Als Trump die Rückreise mit leeren Händen antrat, waren die Märkte enttäuscht. Die Ölvorräte sinken im Rekordtempo, an Tankstellen droht neues Ungemach. 700 bis 900 Millionen Fass an Öl und Ölprodukten warten in einer Tankerschlange an der Strasse von Hormus auf grünes Licht. Doch die Ampeln stehen weiterhin auf Rot. Die Anleihensmärkte zeigten sich in der vergangenen Woche besonders empfindlich, weil sie Leitzinserhöhungen als Reaktion auf steigende Inflationswerte befürchten. Die Renditen der 30-jährigen US-Staatsanleihen stiegen auf 5.1% (das dritthöchste Niveau seit Juli 2007), worauf auch die Aktienmärkte negativ reagierten. Die Rendite der 10-jährigen Staatsanleihen in den USA lagen zuletzt bei 4.6%, empfindliche 56 Basispunkte höher als vor dem Irankrieg. Derart hohe Zinsen stellen ein Wachstumsrisiko dar.

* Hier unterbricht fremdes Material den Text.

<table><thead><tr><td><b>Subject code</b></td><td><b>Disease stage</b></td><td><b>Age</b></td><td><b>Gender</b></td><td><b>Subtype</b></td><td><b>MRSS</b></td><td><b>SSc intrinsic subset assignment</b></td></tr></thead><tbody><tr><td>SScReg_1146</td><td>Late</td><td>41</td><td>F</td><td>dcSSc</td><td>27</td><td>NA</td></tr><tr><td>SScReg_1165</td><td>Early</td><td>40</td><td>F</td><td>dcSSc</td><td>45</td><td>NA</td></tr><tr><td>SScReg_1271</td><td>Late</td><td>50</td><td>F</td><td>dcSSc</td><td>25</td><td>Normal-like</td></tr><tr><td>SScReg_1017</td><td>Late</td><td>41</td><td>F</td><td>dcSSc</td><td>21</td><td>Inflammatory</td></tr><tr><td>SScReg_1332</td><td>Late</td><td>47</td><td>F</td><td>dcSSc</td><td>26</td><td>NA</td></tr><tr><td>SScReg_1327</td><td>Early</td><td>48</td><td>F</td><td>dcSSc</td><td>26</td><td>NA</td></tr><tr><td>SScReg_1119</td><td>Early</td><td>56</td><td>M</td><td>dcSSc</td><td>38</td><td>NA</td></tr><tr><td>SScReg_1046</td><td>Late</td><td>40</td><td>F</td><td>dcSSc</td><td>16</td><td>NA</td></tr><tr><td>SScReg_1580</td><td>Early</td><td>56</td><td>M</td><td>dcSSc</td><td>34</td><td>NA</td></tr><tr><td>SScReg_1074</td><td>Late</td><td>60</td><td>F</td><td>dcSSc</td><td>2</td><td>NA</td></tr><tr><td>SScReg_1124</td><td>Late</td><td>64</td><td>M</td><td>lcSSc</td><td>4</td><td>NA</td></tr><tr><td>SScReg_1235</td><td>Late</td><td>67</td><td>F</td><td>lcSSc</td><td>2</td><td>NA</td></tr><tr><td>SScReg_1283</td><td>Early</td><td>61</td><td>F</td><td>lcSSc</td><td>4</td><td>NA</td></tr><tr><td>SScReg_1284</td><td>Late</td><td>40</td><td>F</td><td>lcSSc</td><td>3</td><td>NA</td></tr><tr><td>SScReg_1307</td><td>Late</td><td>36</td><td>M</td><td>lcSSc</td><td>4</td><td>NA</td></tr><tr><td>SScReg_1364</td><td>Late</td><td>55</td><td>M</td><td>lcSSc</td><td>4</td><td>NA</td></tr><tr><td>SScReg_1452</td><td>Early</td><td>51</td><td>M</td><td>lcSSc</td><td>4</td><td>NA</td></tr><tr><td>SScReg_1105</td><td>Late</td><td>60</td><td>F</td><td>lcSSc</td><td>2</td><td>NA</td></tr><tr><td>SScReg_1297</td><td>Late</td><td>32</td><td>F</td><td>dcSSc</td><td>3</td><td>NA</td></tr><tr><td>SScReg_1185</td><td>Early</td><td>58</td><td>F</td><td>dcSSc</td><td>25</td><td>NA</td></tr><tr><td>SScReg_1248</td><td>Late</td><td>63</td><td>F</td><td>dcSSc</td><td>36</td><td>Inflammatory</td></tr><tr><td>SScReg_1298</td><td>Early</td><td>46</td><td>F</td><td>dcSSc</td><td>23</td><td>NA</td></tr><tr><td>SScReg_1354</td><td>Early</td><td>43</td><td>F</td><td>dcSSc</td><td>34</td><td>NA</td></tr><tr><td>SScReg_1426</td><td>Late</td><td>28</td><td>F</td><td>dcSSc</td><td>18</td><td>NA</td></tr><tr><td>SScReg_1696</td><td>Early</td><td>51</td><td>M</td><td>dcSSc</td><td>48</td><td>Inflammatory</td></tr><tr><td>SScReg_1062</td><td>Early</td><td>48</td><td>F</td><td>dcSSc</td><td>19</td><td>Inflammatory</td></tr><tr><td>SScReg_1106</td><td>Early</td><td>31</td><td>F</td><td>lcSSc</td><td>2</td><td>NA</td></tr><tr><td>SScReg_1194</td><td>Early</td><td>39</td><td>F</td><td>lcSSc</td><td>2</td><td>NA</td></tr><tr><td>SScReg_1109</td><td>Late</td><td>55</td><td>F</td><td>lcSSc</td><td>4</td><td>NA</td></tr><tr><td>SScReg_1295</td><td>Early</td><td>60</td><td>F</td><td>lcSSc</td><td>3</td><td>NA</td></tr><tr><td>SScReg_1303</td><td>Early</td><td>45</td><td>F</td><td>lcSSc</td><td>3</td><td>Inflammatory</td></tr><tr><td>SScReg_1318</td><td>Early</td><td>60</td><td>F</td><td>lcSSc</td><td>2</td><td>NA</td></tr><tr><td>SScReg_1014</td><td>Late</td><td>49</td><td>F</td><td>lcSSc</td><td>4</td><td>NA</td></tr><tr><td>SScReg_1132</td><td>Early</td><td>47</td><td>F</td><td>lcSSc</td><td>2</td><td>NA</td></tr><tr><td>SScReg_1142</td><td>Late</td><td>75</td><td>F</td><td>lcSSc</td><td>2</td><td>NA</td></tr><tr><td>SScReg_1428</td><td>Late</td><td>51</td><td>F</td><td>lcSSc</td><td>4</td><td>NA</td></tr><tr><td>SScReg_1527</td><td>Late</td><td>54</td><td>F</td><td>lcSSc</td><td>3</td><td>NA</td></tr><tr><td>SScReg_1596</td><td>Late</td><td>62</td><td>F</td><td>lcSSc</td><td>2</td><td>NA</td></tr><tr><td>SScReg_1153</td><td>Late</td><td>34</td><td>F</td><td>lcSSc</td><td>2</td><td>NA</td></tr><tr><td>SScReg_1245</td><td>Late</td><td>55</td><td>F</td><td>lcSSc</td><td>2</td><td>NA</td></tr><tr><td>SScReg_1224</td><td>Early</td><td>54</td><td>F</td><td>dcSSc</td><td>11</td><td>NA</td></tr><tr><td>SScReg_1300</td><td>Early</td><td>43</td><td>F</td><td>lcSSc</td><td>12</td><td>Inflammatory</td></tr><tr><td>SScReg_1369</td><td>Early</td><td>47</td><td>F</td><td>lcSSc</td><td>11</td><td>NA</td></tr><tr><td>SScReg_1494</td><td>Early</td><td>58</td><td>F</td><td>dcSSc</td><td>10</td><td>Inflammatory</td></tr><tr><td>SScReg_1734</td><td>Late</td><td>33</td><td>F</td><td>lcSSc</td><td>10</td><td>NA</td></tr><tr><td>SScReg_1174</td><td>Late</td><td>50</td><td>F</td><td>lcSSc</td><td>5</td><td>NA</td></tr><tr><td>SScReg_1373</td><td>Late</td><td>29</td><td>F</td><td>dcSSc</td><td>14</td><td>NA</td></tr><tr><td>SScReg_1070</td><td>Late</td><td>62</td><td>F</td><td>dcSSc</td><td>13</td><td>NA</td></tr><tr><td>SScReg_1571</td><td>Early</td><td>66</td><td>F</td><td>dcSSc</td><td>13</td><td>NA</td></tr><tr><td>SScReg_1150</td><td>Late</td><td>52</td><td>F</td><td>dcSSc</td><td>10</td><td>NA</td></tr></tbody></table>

Während die Einbussen an den US-Aktienmärkte moderat blieben, verloren Aktienmärkte in Europa vielenorts rund ein Prozent. Der Swiss Market Index (SMI) beendete die vergangene Woche mit 13’220 Punkten (+0.7%) leicht höher. Amrize (-7%) fiel auf den tiefsten Wert seit einem halben Jahr und Swiss Life (-6%) sucht noch immer den Boden für eine nachhaltige Erholung. Dagegen überzeugte Zurich Insurance (+4%) mit ihrem Bericht zum ersten Quartal. Mit Novartis und UBS (je +3%) zogen zwei weitere SMI-Schwergewichte den Index nach oben.

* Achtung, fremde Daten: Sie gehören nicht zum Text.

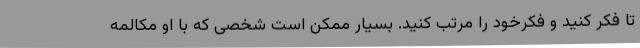
تا فکر کنید و فکرخود را مرتب کنید. بسیار ممکن است شخصی که با او مکالمه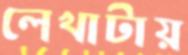
লেখাটায়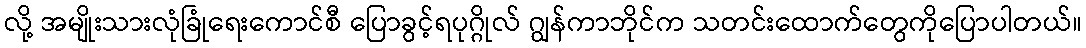
လို့ အမျိုးသားလုံခြုံရေးကောင်စီ ပြောခွင့်ရပုဂ္ဂိုလ် ဂျွန်ကာဘိုင်က သတင်းထောက်တွေကိုပြောပါတယ်။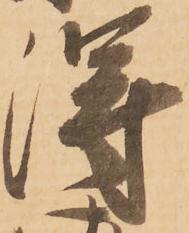
得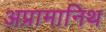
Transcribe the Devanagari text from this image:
अप्रामानिथ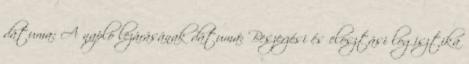
dátuma: A napló lezárásának dátuma: Beszerzési és elosztási logisztika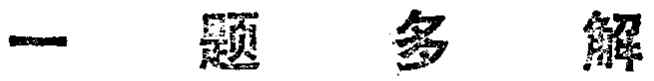
一题多解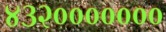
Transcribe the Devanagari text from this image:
४३२०००००००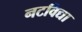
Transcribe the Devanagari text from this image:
नटविद्या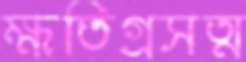
ক্ষতিগ্রসত্ম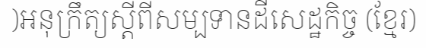
)អនុក្រឹត្យស្តីពីសម្បទានដីសេដ្ឋកិច្ច (ខ្មែរ)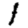
Digit: 1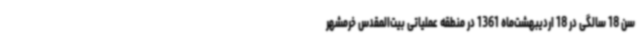
سن 18 سالگی در 18 اردیبهشت‌ماه 1361 در منطقه عملیاتی بیت‌المقدس خرمشهر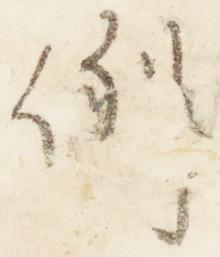
例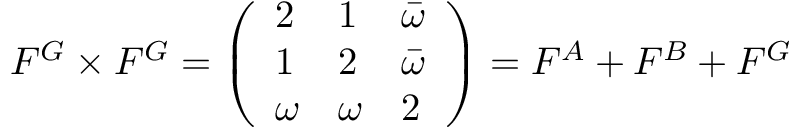
F ^ { G } \times F ^ { G } = \left( \begin{array} { l l l } { 2 } & { 1 } & { \bar { \omega } } \\ { 1 } & { 2 } & { \bar { \omega } } \\ { \omega } & { \omega } & { 2 } \end{array} \right) = F ^ { A } + F ^ { B } + F ^ { G }

Thema der Woche: Wirtschaft und Wirklichkeit

Die Sorgen um die Kaufkraft vieler Menschen wird gerade jeden Tag grösser. In vielen Ländern steigt die Inflation momentan stärker als die Lohntüte. Der Dauerengpass an der Strasse von Hormus lässt Energiepreise rund um den Globus ansteigen und allmählich greift dies auch auf weitere Bereiche über. Hinzu kommen Nachrichten über die rückläufige Wettbewerbsfähigkeit klassischer Industrienationen auf dem Weltmarkt. Manche Produkte sind verhältnismässig teurer geworden, andere überzeugen weniger mit ihren Eigenschaften. Ein Beispiel dafür ist die europäische Automobilindustrie, die Marktanteile an chinesische Wettbewerber verlor.

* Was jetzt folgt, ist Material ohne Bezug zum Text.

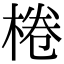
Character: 棬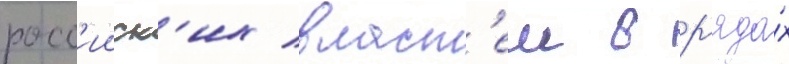
росс'ииск'их власт'еи в р'яда́х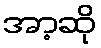
အာ့ဆို

Und an den Aktienmärkten gibt es einzelne Bereiche, die dennoch von Rekord zu Rekord eilen. Wie passt das zusammen?
Die Menschen leben in der Gegenwart. Ihre Sorgen kreisen um den Alltag, um stabile Preise und individuelle Erwerbsperspektiven. An den Börsen dagegen wird die Zukunft gehandelt. Wo man der Auffassung ist, die Gegenwart wird nicht schlimmer und die Zukunft besser, steigen die Kurse. Der Risikoindikator VIX ist zwar seit Jahresbeginn von 14 auf 18 gestiegen, doch die aussergewöhnliche Zuversicht überströmt vor allem Technologiewerte in den Bereichen KI, Cloud-Dienstleistungen und Halbleiter. Die Kernaktien in diesen Bereichen jagen nach neuen Rekorden.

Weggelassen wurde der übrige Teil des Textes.